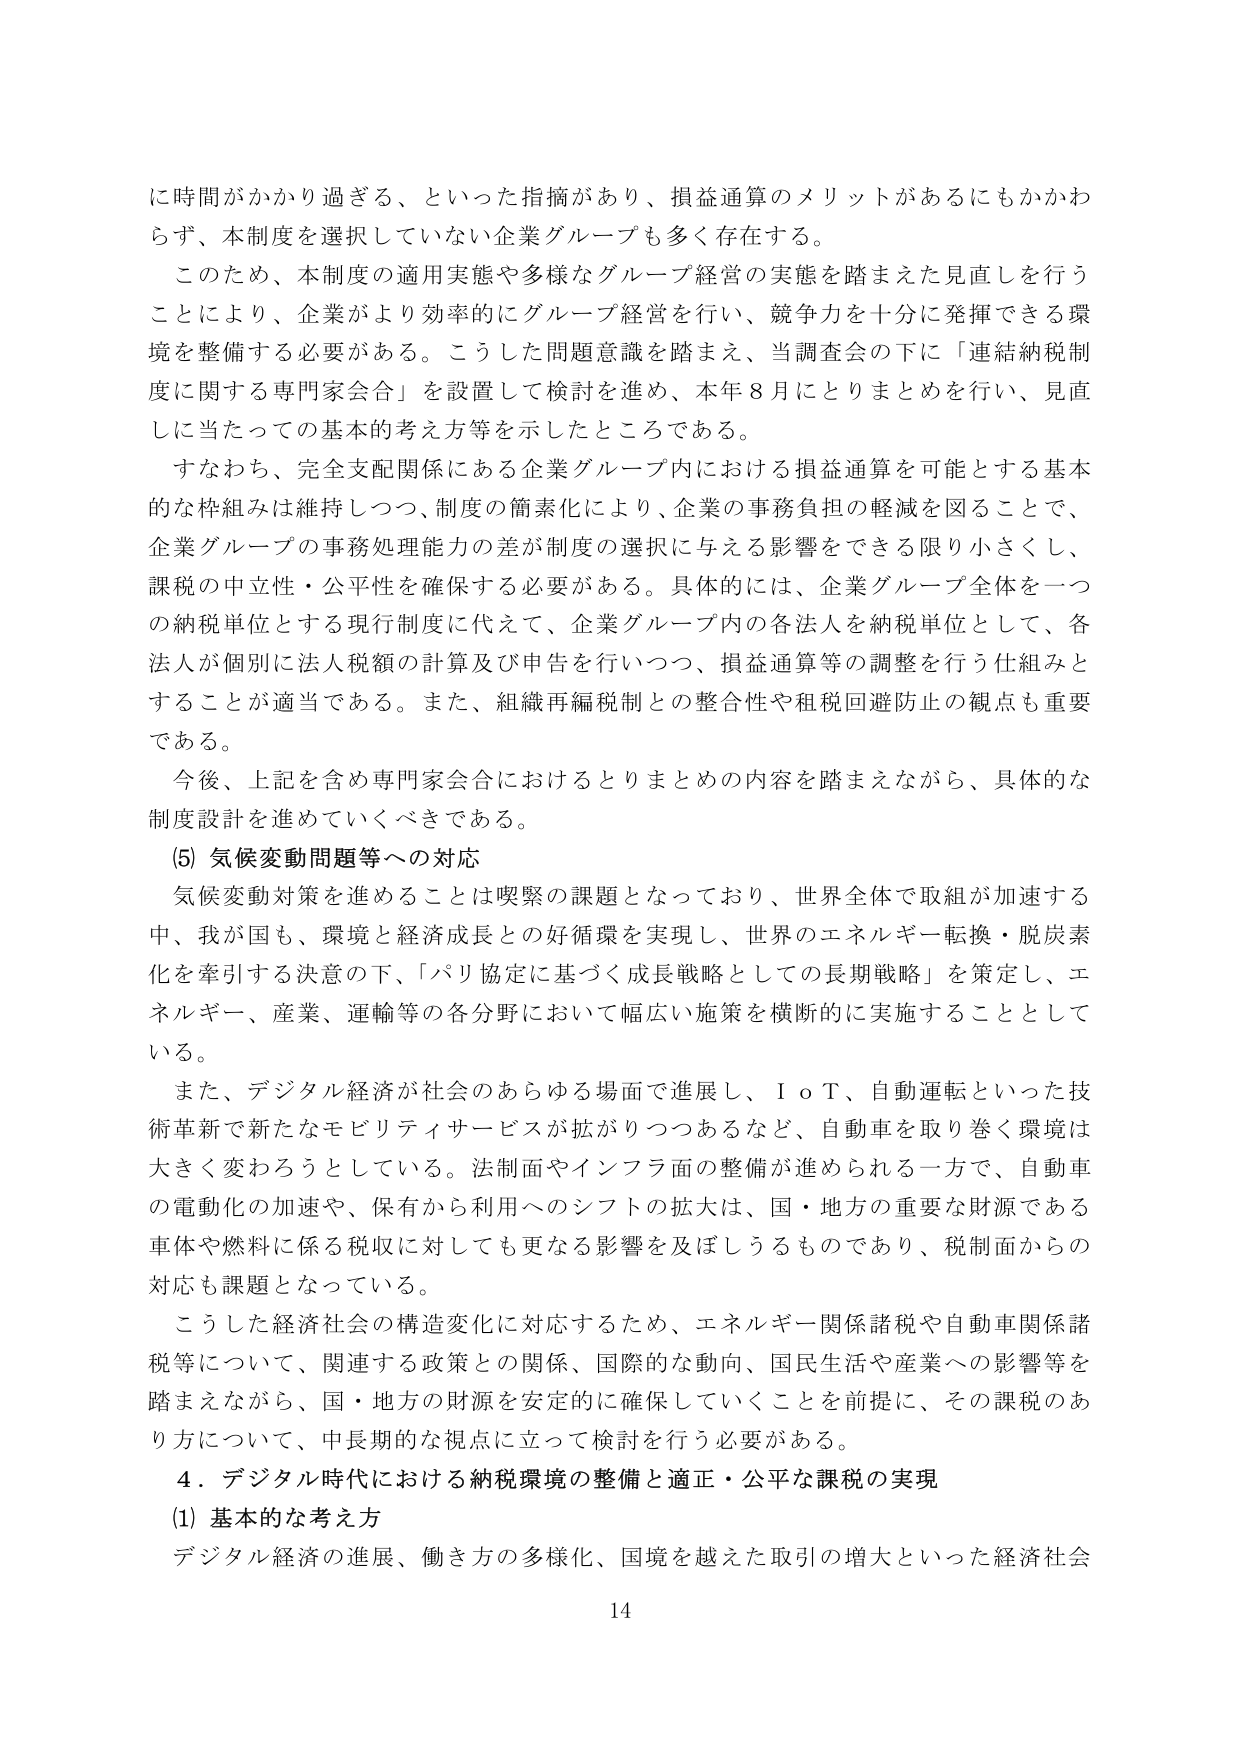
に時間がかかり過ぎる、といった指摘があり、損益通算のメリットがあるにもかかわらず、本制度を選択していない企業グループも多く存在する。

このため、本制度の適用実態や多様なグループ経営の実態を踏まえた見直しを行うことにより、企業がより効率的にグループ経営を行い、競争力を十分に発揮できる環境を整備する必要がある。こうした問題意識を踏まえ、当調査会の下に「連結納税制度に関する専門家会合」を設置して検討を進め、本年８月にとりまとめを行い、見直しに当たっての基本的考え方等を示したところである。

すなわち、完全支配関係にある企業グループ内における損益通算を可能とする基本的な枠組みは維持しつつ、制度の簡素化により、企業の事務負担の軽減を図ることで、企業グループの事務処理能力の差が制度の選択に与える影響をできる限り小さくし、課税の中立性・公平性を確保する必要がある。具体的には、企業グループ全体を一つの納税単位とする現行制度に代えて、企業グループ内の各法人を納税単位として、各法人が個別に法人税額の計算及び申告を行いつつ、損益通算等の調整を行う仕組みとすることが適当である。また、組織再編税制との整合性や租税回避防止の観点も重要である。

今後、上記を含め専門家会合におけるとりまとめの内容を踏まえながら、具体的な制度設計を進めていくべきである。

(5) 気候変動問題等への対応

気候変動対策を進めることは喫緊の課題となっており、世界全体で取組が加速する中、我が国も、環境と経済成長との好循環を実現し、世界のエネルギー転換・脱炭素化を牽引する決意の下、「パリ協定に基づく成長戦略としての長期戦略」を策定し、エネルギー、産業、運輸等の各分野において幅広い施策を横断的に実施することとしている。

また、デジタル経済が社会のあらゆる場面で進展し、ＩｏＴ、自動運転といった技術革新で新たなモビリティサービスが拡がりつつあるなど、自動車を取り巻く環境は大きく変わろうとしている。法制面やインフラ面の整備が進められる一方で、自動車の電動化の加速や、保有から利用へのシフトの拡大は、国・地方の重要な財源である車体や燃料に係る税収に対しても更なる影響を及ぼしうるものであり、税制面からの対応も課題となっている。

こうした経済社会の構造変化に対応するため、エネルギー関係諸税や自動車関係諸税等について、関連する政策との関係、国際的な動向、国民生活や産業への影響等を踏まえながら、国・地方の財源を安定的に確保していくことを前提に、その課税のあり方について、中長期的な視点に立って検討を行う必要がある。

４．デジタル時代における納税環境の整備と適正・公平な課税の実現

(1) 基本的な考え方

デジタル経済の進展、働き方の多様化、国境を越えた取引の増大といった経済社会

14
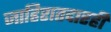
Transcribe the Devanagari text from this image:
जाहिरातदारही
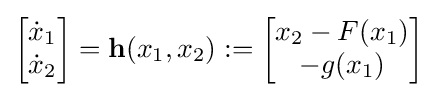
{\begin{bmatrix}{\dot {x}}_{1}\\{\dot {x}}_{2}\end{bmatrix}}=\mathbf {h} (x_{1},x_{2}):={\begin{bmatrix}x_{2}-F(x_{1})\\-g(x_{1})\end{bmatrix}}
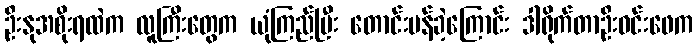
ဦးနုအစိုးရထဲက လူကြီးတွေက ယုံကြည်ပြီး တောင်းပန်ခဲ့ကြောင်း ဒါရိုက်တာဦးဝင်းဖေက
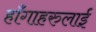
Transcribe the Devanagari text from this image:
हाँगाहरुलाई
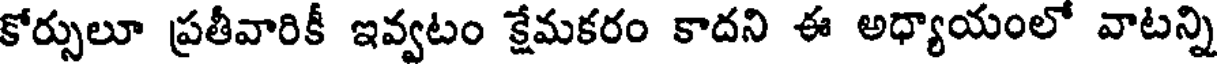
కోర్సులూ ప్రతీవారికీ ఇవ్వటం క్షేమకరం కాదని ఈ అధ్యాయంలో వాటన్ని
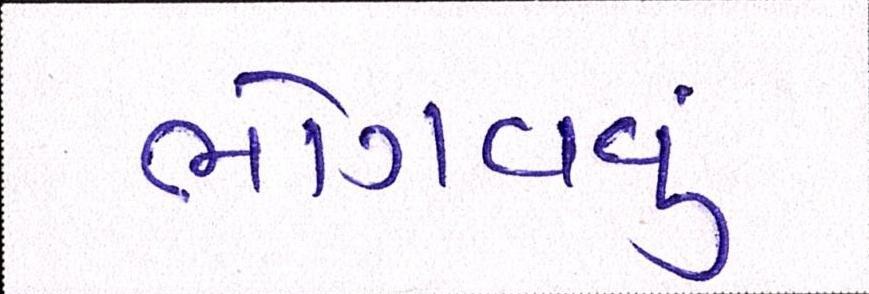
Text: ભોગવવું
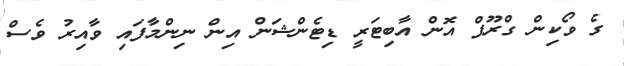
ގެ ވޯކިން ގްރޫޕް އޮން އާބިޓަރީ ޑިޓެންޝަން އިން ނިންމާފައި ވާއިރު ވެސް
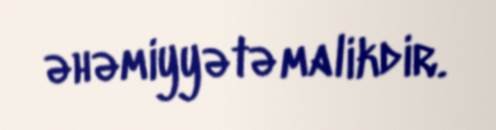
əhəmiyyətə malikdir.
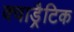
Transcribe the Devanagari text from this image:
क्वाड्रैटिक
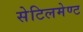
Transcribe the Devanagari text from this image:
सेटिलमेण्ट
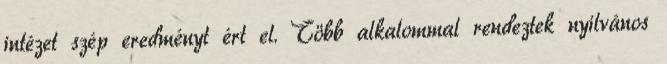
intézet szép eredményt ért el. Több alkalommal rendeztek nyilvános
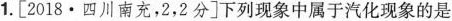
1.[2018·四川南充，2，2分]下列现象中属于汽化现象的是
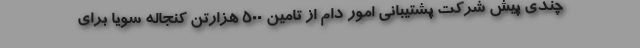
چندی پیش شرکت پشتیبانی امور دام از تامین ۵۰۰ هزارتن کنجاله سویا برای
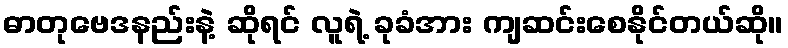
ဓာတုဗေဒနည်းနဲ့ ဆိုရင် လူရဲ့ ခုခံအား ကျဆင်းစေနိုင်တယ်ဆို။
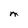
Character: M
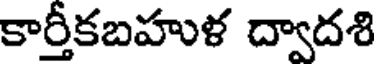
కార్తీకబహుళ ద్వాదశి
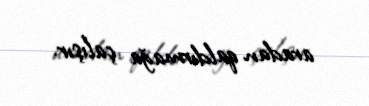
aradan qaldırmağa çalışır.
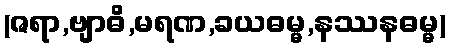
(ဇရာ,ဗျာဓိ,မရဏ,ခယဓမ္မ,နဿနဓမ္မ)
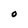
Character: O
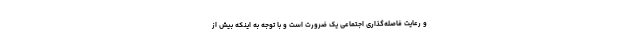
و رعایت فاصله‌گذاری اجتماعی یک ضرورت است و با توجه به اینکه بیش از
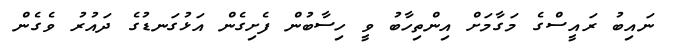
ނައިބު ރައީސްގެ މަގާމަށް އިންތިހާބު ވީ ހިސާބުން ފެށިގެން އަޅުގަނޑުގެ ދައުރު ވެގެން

● ● ●

- Work to complete
All records, pictures excluded: copy them exactly.

- Result for this exercise
に時間がかかり過ぎる、といった指摘があり、損益通算のメリットがあるにもかかわらず、本制度を選択していない企業グループも多く存在する。

このため、本制度の適用実態や多様なグループ経営の実態を踏まえた見直しを行うことにより、企業がより効率的にグループ経営を行い、競争力を十分に発揮できる環境を整備する必要がある。こうした問題意識を踏まえ、当調査会の下に「連結納税制度に関する専門家会合」を設置して検討を進め、本年８月にとりまとめを行い、見直しに当たっての基本的考え方等を示したところである。

すなわち、完全支配関係にある企業グループ内における損益通算を可能とする基本的な枠組みは維持しつつ、制度の簡素化により、企業の事務負担の軽減を図ることで、企業グループの事務処理能力の差が制度の選択に与える影響をできる限り小さくし、課税の中立性・公平性を確保する必要がある。具体的には、企業グループ全体を一つの納税単位とする現行制度に代えて、企業グループ内の各法人を納税単位として、各法人が個別に法人税額の計算及び申告を行いつつ、損益通算等の調整を行う仕組みとすることが適当である。また、組織再編税制との整合性や租税回避防止の観点も重要である。

今後、上記を含め専門家会合におけるとりまとめの内容を踏まえながら、具体的な制度設計を進めていくべきである。

(5) 気候変動問題等への対応

気候変動対策を進めることは喫緊の課題となっており、世界全体で取組が加速する中、我が国も、環境と経済成長との好循環を実現し、世界のエネルギー転換・脱炭素化を牽引する決意の下、「パリ協定に基づく成長戦略としての長期戦略」を策定し、エネルギー、産業、運輸等の各分野において幅広い施策を横断的に実施することとしている。

また、デジタル経済が社会のあらゆる場面で進展し、ＩｏＴ、自動運転といった技術革新で新たなモビリティサービスが拡がりつつあるなど、自動車を取り巻く環境は大きく変わろうとしている。法制面やインフラ面の整備が進められる一方で、自動車の電動化の加速や、保有から利用へのシフトの拡大は、国・地方の重要な財源である車体や燃料に係る税収に対しても更なる影響を及ぼしうるものであり、税制面からの対応も課題となっている。

こうした経済社会の構造変化に対応するため、エネルギー関係諸税や自動車関係諸税等について、関連する政策との関係、国際的な動向、国民生活や産業への影響等を踏まえながら、国・地方の財源を安定的に確保していくことを前提に、その課税のあり方について、中長期的な視点に立って検討を行う必要がある。

４．デジタル時代における納税環境の整備と適正・公平な課税の実現

(1) 基本的な考え方

デジタル経済の進展、働き方の多様化、国境を越えた取引の増大といった経済社会

14
Transcribe the Devanagari text from this image:
जाहिरातदारही
{\begin{bmatrix}{\dot {x}}_{1}\\{\dot {x}}_{2}\end{bmatrix}}=\mathbf {h} (x_{1},x_{2}):={\begin{bmatrix}x_{2}-F(x_{1})\\-g(x_{1})\end{bmatrix}}
ဦးနုအစိုးရထဲက လူကြီးတွေက ယုံကြည်ပြီး တောင်းပန်ခဲ့ကြောင်း ဒါရိုက်တာဦးဝင်းဖေက
Transcribe the Devanagari text from this image:
हाँगाहरुलाई
కోర్సులూ ప్రతీవారికీ ఇవ్వటం క్షేమకరం కాదని ఈ అధ్యాయంలో వాటన్ని
Text: ભોગવવું
ގެ ވޯކިން ގްރޫޕް އޮން އާބިޓަރީ ޑިޓެންޝަން އިން ނިންމާފައި ވާއިރު ވެސް
əhəmiyyətə malikdir.
Transcribe the Devanagari text from this image:
क्वाड्रैटिक
Transcribe the Devanagari text from this image:
सेटिलमेण्ट
intézet szép eredményt ért el. Több alkalommal rendeztek nyilvános
1.[2018·四川南充，2，2分]下列现象中属于汽化现象的是
چندی پیش شرکت پشتیبانی امور دام از تامین ۵۰۰ هزارتن کنجاله سویا برای
ဓာတုဗေဒနည်းနဲ့ ဆိုရင် လူရဲ့ ခုခံအား ကျဆင်းစေနိုင်တယ်ဆို။
Character: M
కార్తీకబహుళ ద్వాదశి
aradan qaldırmağa çalışır.
(ဇရာ,ဗျာဓိ,မရဏ,ခယဓမ္မ,နဿနဓမ္မ)
Character: O
و رعایت فاصله‌گذاری اجتماعی یک ضرورت است و با توجه به اینکه بیش از
ނައިބު ރައީސްގެ މަގާމަށް އިންތިހާބު ވީ ހިސާބުން ފެށިގެން އަޅުގަނޑުގެ ދައުރު ވެގެން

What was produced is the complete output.